GrAfFiTi vs. ThE cItY In ThE LanD oF aRtS













Je suis un architecte. En tant que tel, je suis censé être sensible à tout ce qui concerne la préservation du paysage urbain. Je dois même, sur chaque projet, aussi infime soit il, sur lequel je travaille, envisager son devenir, son évolution, sa perception globale de la part de l'usager quotidien. Cependant, dans ma formation et au long de ma vie, j'ai aussi été sensibilisé à des formes d'art diverses et variées, dont le graffiti.

Arrivé à Lisbonne, un de mes premiers "raids" photographiques urbains m'a amené à un mur, à Campolide, couvert de tags sur des dizaines de mètres. Ce mur donne sur un espace indéfini, ni jardin ni terrain vague, ni espace de promenade ni place publique aménagée... C'est un mur tampon, le long duquel passe une route assez mouvementée, et derrière lequel il y a... mystère! Toujours est il que l'espace publique qui lui fait face n'est en aucune autre façon valorisé, et étant donnée sa localisation et sa morphologie, il ne le sera sûrement pas dans les années à venir... Ce mur avait donc vocation à devenir une longue et ennuyeuse limite physique entre un espace privé et un espace publique, une barrière visuelle plate rapidement traversée par les automobilistes. Il est devenu un espace de repos, de curiosité, devant lequel on se promène à pied, qui interpelle lorsqu'on est en voiture, et agréable à longer en flânant, pour découvrir les différents styles, messages, délires et coups de gueule des artistes qui se sont succédés dessus... Car c'est bel et bien un lieu d'expression. Et dans ce cas précis, le graffiti donne aussi une expression à ce no-man's land, lui confère une âme...

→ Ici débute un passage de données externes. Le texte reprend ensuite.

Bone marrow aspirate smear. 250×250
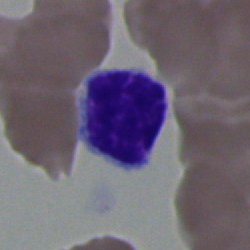Specimen: bone marrow aspirate smear.
Cell: lymphocyte.
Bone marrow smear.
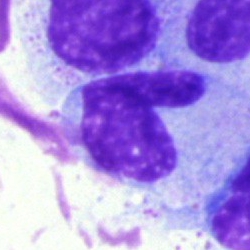

Morphology consistent with a monocyte.
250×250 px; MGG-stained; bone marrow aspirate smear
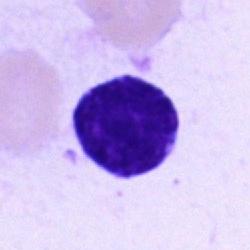This is an undifferentiated blast.
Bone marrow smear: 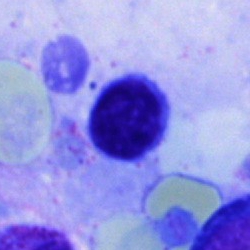
Cell type — plasma cell.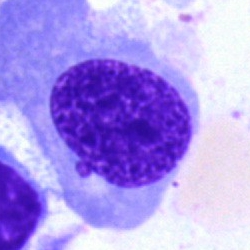 Specimen: bone marrow aspirate smear.
Classification: nucleated red blood cell.
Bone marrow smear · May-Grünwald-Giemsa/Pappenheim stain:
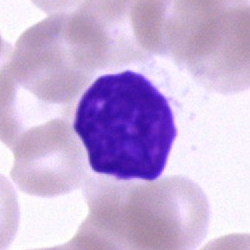Artefact.
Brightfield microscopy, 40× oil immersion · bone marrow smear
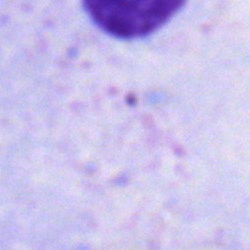 Cell — typical lymphocyte.

Enfant de la génération Hip Hop, me révendicant en tant que tel, mais aussi fan du travail d'artistes des années 80 tels que Keith Haring ou Basquiat, je ne perçois pas le graffiti seulement comme étant un acte de vandalisme: il est avant tout UN FAIT. Le graffiti est là pour attirer l'attention, pour revindiquer, pour marquer un territoire, pour divertir, pour illuminer, pour embellir, pour critiquer, pour faire voyager, pour faire s'évader l'oeil et l'esprit... L'art mural existe depuis des milliers d'années, si on remonte aux peintures rupestres... depuis, que ce soient les hiéroglyphes égyptiens, des inscriptions "sauvages sur les murs des cités de l'Antiquité allant de la satire politique à la propagande sportive, les fresques murales de la Renaissance ou celles révolutionnaires de Diego Rivera, jusqu'au tag, les graffs légendaires des rues de New York, les pochoirs de Miss Tic, les filles aux formes de pin up de Fafi ou Monsieur Chat, énigmatique félin jaune, toutes dents dehors, qui peuple les murs des villes françaises (et étrangères maintenant)... Toutes ces références s'inscrivent de façon inconsciente dans nos rétines, et ce depuis que l'homme sait dessiner!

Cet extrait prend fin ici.